Muitas empresas brasileiras que possuem valores de incentivos fiscais estaduais do Imposto sobre Circulação de Mercadorias e Serviços (ICMS) registrados contabilmente como Reserva de Incentivos Fiscais (na conta Reserva de Lucros), têm utilizado tais montantes para compor a base de cálculo para pagamento do Juros sobre Capital Próprio (JCP). A utilização do JCP pelas empresas para remunerar os acionistas pode trazer uma economia da tributação de até 34% do Imposto de Renda Pessoa Jurídica (IRPJ) e da Contribuição Social sobre o Lucro Líquido (CSLL). Contudo, segundo a KPMG, o impacto de bilhões de reais de economia aos contribuintes está chamando a atenção do Fisco.
Há autoridades fiscais interpretando que tais incentivos fiscais do ICMS somente poderão ser utilizados para absorção de prejuízos ou capitalização, conforme reza a legislação (caput do art. 30 da Lei nº 12.973, de 2014). Em caso de destinação diversa da prevista nesse dispositivo, ou seja, eventual distribuição de JCP com tais montantes, os mesmos devem ser tributados pela empresa pelo IRPJ e CSLL a razão de 34%, causando enormes prejuízos às empresas que se utilizaram desse instrumento para remunerar acionistas.
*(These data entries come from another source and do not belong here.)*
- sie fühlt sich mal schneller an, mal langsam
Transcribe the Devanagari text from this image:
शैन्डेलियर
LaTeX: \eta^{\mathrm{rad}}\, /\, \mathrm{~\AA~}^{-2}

Muito embora não haja informações públicas sobre a quantidade de empresas que utilizaram esse recurso, em alguns casos os valores são muito expressivos, considerando que, no Brasil, há Estados que oferecem a renúncia de mais de 90% do ICMS devido e/ou financiado, como é o caso dos Estados do Espírito Santo e Goiás, respectivamente. Notícias publicadas recentemente relatam que o JCP está na mira do Ministério da Fazenda, sendo que, em pelo menos 43 empresas, os JCP representam 50% ou mais da remuneração oferecida aos acionistas, na média dos últimos cinco anos.
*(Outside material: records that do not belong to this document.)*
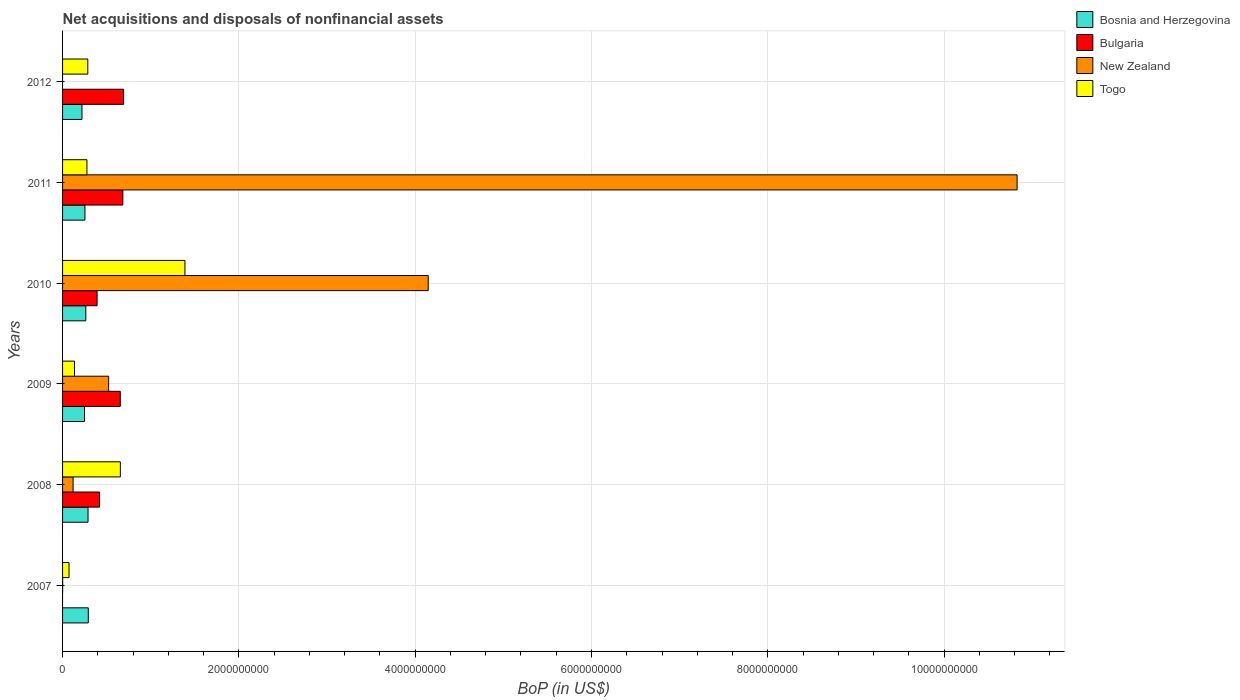
| Years | Bosnia and Herzegovina | Bulgaria | New Zealand | Togo |
 | --- | --- | --- | --- | --- |
 | 2007 | 2.92e+08 | -8.53e+08 | 7.64e+05 | 7.34e+07 |
 | 2008 | 2.89e+08 | 4.2e+08 | 1.19e+08 | 6.56e+08 |
 | 2009 | 2.49e+08 | 6.55e+08 | 5.23e+08 | 1.35e+08 |
 | 2010 | 2.64e+08 | 3.91e+08 | 4.15e+09 | 1.39e+09 |
 | 2011 | 2.54e+08 | 6.84e+08 | 1.08e+10 | 2.76e+08 |
 | 2012 | 2.2e+08 | 6.92e+08 | -7.19e+06 | 2.86e+08 |

De acordo com Marcos Grigoleto, sócio da área de Impostos da KPMG no Brasil, “há previsão legal para que o valor dos juros pagos ou creditados pela pessoa jurídica, a título de JCP, possa ser imputado ao valor dos dividendos sem prejuízo de sua dedutibilidade no cálculo do IRPJ e da CSLL. Assim, muitas empresas se utilizam desse instrumento para complementar a distribuição de dividendos mínima determinada em contrato e/ou estatuto social”, afirma.
O sócio da KPMG alerta ainda que, “nesse cenário de inúmeras incertezas quanto à interpretação da legislação tributária, as empresas que nos últimos cinco anos adotaram o procedimento de incluir os incentivos ficais estaduais do ICMS na base de cálculo do JCP poderão ser requisitadas a prestar esclarecimentos as autoridades fiscais, devendo reunir bons argumentos de que atenderam todos os requisitos previstos em lei para distribuição dos JCP aos acionistas”, complementa.
O JCP é uma forma de remunerar sócios e acionistas que, via de regra, pode ser uma vantagem para a companhia no aspecto tributário, pois o valor da remuneração deve ser lançado como uma despesa, a qual será dedutível da base de cálculo do IRPJ e da CSLL. Numericamente, nesse caso, os contribuintes podem ter uma economia de 34% no valor de tributos a pagar sobre o montante distribuído. Por exemplo, se a empresa distribui R$ 1.000 como JCP, sua carga tributária sobre o lucro pode ficar até R$ 340 menor no período de distribuição, mesmo tendo ônus fiscal do recolhimento de 15% de Imposto de Renda Retido na Fonte (IRRF), que, por sua vez, reduziria a economia fiscal em 19%, em nosso exemplo para R$ 190 (R$ 340 – R$ 150 = R$ 190).
Segundo Grigoleto, há um limite a ser distribuído de JCP, que é calculado a partir da aplicação da TJLP sobre o patrimônio líquido no início do ano. Exemplificando com uma Taxa de Juros de Longo Prazo (TJLP) anual de 7%, aplicada sobre o patrimônio líquido da empresa de R$ 1.000.000,00, ela poderia distribuir R$ 70.000,00 na forma de JCP nesse exercício (observando para fins de dedutibilidade o limite de 50% do lucro líquido do exercício antes da dedução dos juros), e/ou 50% do somatório dos lucros acumulados e reservas de lucros. Sobre os R$ 70.000,00, a empresa teria uma economia fiscal de 34%, que, com recolhimento de 15% do IRRFonte, reduziria essa economia para 19%.